(Given data Opens)

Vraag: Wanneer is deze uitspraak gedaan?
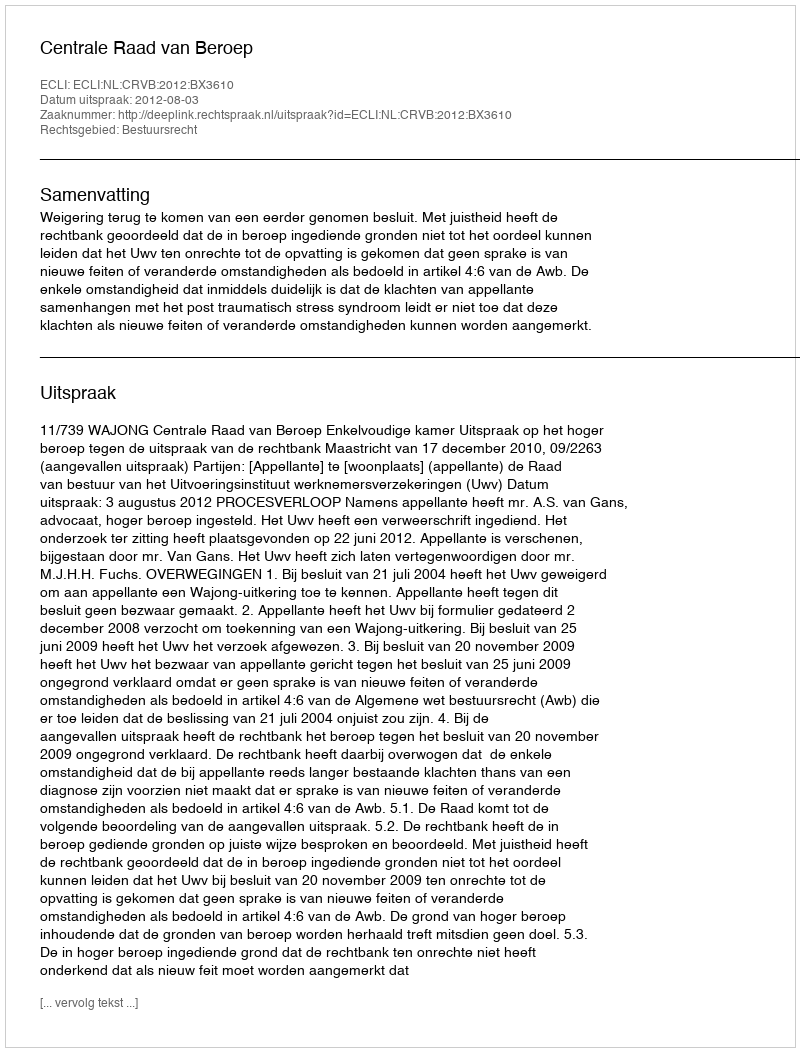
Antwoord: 2012-08-03
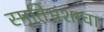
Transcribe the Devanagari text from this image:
स्मृतिभ्रंशाचा
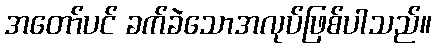
အတော်ပင် ခက်ခဲသောအလုပ်ဖြစ်ပါသည်။
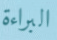
البراءة
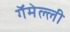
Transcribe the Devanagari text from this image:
गॅमेल्ली
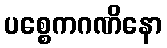
ပစ္စေကဂဏိနော
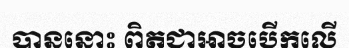
បាននោះ ពិតជាអាចបើកលើ
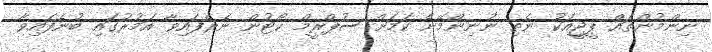
ނިންމުންތައް ޕީޖީއަކު ނެތި ނުނިންމޭނެ ކަމަށް ސުޕްރީމް ކޯޓުން ނެރެފައިވާ އަމުރުގައި ބުނެފައިވާ
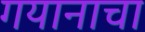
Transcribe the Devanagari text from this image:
गयानाचा
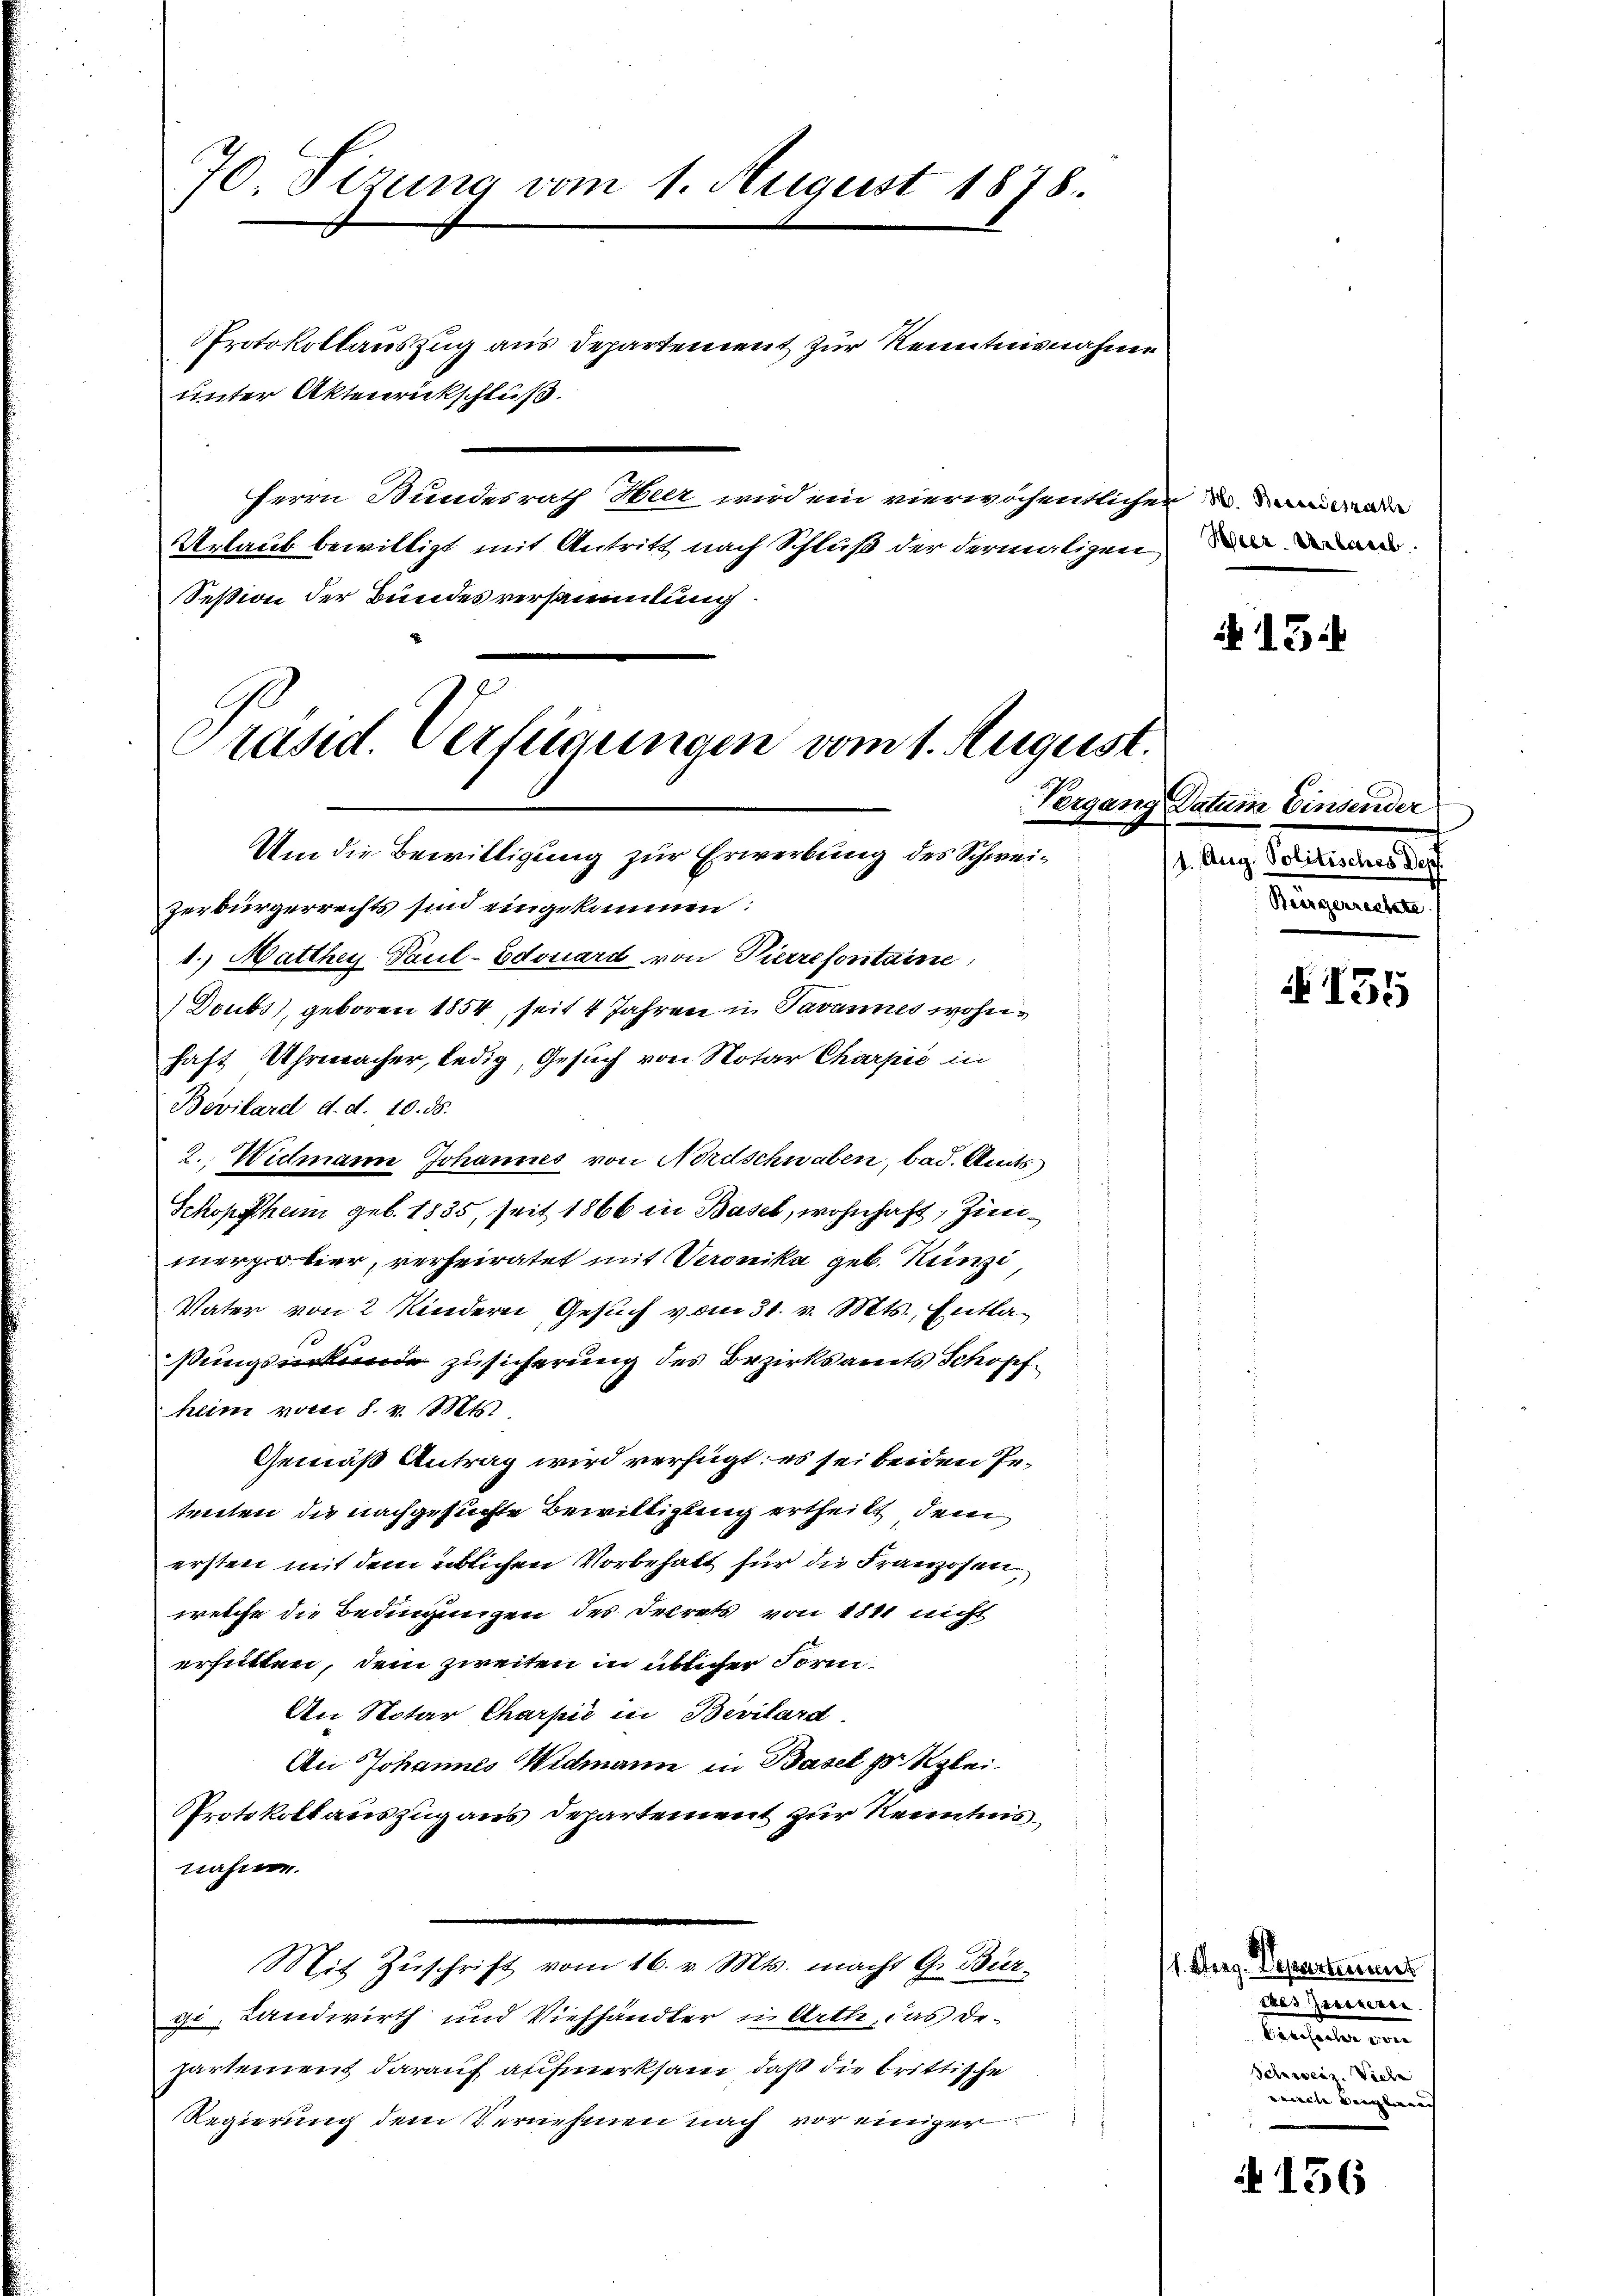
70. Sizung vom 1. August 1878.

unter Aktenrickschluß.

Protokollauszug aus Departement zur Kenntnisnahme
Herrn Stundesrath Heer wird ein vierwöchentlichen W. angede

Präsid. Verfügungen vom 1. August.

Um die Bewilligung zur Erwerbung des Schweizerbürgerrechts sind eingekommen:
1. Matthey Paul-Edouard von Pierrefontaine
Doubs), geboren 1854, seit 4 Jahren in Pavannes wohnhaft Uhrmacher, ledig, Gesuch von Notar Charpić in
Bevilard d. d. 10. ds.
2. Widmann Johannes von Nordschwaben, bad. Amts
Schopfheim geb. 1835, seit 1866 in Basel, wohnhaft, Zinmerprobier, verheiratet mit Veronika geb. Hunzi
Vater von 2 Kindern Gesuch vom 31. v. Mts., Entlaßungsurkunde zusicherung des Bezirksaments Schopf
heim vom 8. v. Mts.
Gemäß Antrag wird verfügt: es sei beiden Petenten die nachgesuchte Bewilligung ertheilt, dem
ersten mit dem üblichen Vorbehalt für die Franzosen,
welche die Bedingungen des Dekrets von 1811 nicht
erhütten, dem zweiten in üblicher Form
An Notar Charpić in Bevilard.
An Johannes Widmann in Basel pr Klei¬
Protokoll auszug aus Departement zur Kenntnisnahme.
Mit Zŭschrift vom 16. v. Mts. macht G. Bier-
gi. Landwirth und Viehhändler in Arth, das Departement darauf aufmerksam, daß die brittische
Regierung dem Vernehmen nach vor einiger

Urlaub bewilligt mit Antritt nach Schluß der dermaligen
Seßion der Bundesversammlung.

Heer. Verbrec

13.

Vergang Datum Einsender
1. Aug. Politisches Dep
Bürgerrechte

136

155

11. Aug. Departemens
Saas Pariserin
Berechen
Schweiz. Viele
veile dergleich |
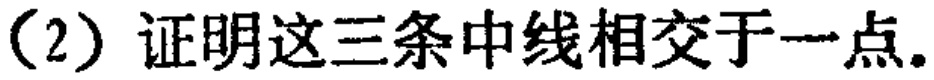
(2) 证明这三条中线相交于一点。
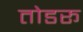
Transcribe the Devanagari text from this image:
तोडरू
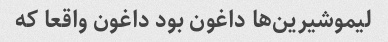
لیموشیرین‌ها داغون بود داغون واقعا که
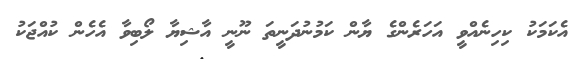
އެކަމަކު ކިހިނެއްވީ އަހަރެންގެ ޔާން ކަމުނުދަނީތަ ނޫނީ އާޝިޔާ ލޯބިވާ އެހެން ކުއްޖަކު
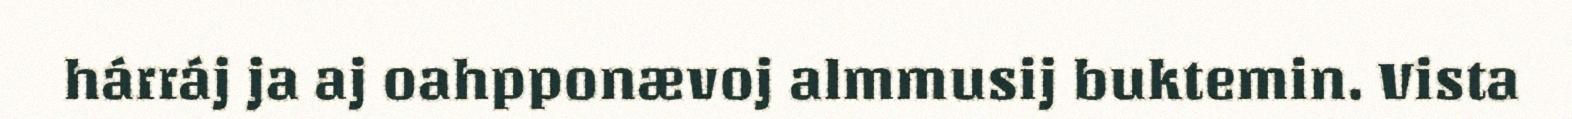
hárráj ja aj oahpponævoj almmusij buktemin. Vista
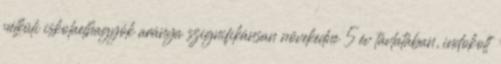
nélküli iskolaelhagyók aránya szignifikánsan növekedne 5 év távlatában, indokolt
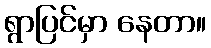
ရွာပြင်မှာ နေတာ။
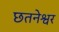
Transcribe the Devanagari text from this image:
छतनेश्वर
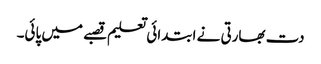
دت بھارتی نے ابتدائی تعلیم قصبے میں پائی۔
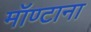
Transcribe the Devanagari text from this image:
मॉण्टाना
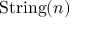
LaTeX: { \mathrm { S t r i n g } } ( n )
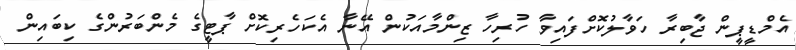
އެމްޑީޕީން ޖާބިރާ ހަވާލުކޮށްފައިވާ ހުރިހާ ޒިންމާއަކުން އޭނާ އެކަހެރިކޮށް ޕާޓީގެ މެންބަރުންގެ ކިބައިން
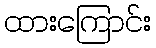
ထားကြောင်း
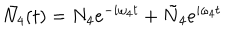
\bar { N _ { 4 } } ( t ) = N _ { 4 } e ^ { - i \omega _ { 4 } t } + \tilde { N } _ { 4 } e ^ { i \omega _ { 4 } t }
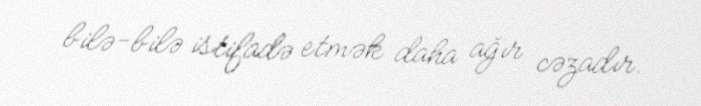
bilə-bilə istifadə etmək daha ağır cəzadır.
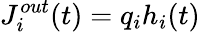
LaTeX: J_{i}^{out}(t)=q_{i}h_{i}(t)
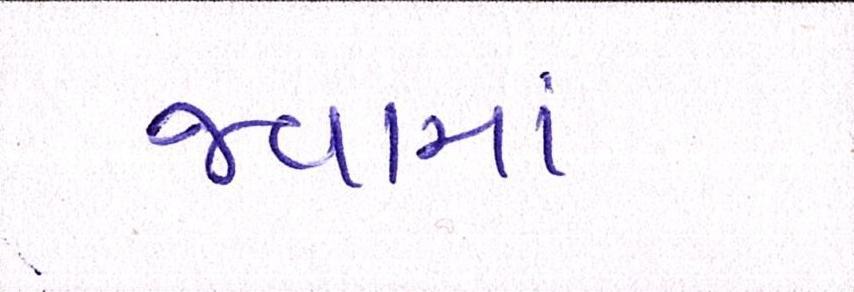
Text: જવામાં
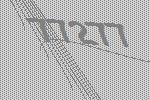
77277
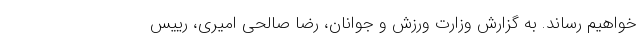
خواهیم رساند. به گزارش وزارت ورزش و جوانان، رضا صالحی امیری، رییس
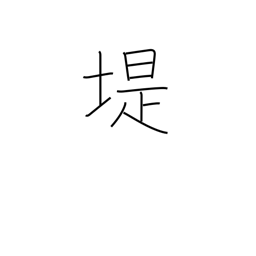
Meaning: embankment
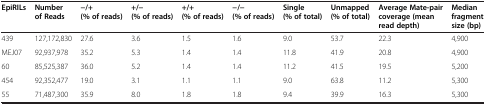
| EpiRILs | Number of Reads | −/+ (% of reads) | +/− (% of reads) | +/+ (% of reads) | −/− (% of reads) | Single (% of total) | Unmapped (% of total) | Average Mate-pair coverage (mean read depth) | Median fragment size (bp) |
 | --- | --- | --- | --- | --- | --- | --- | --- | --- | --- |
 | 439 | 127,172,830 | 27.6 | 3.6 | 1.5 | 1.6 | 9.0 | 53.7 | 22.3 | 4,900 |
 | MEJ07 | 92,937,978 | 35.2 | 5.3 | 1.4 | 1.4 | 11.8 | 41.9 | 20.8 | 4,900 |
 | 60 | 85,525,387 | 36.0 | 5.2 | 1.4 | 1.4 | 11.2 | 41.5 | 19.5 | 5,200 |
 | 454 | 92,352,477 | 19.0 | 3.1 | 1.1 | 1.1 | 9.0 | 63.8 | 11.2 | 5,300 |
 | 55 | 71,487,300 | 35.9 | 8.0 | 1.8 | 1.8 | 9.4 | 39.9 | 16.3 | 5,300 |
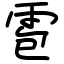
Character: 雹

(Given data Closes)

▸ **Task**:
Scan the records above for the string "Charpić", and copy every line where it turns up.

▸ **Response to this task**:
Doubs), geboren 1854, seit 4 Jahren in Pavannes wohnhaft Uhrmacher, ledig, Gesuch von Notar Charpić in
An Notar Charpić in Bevilard.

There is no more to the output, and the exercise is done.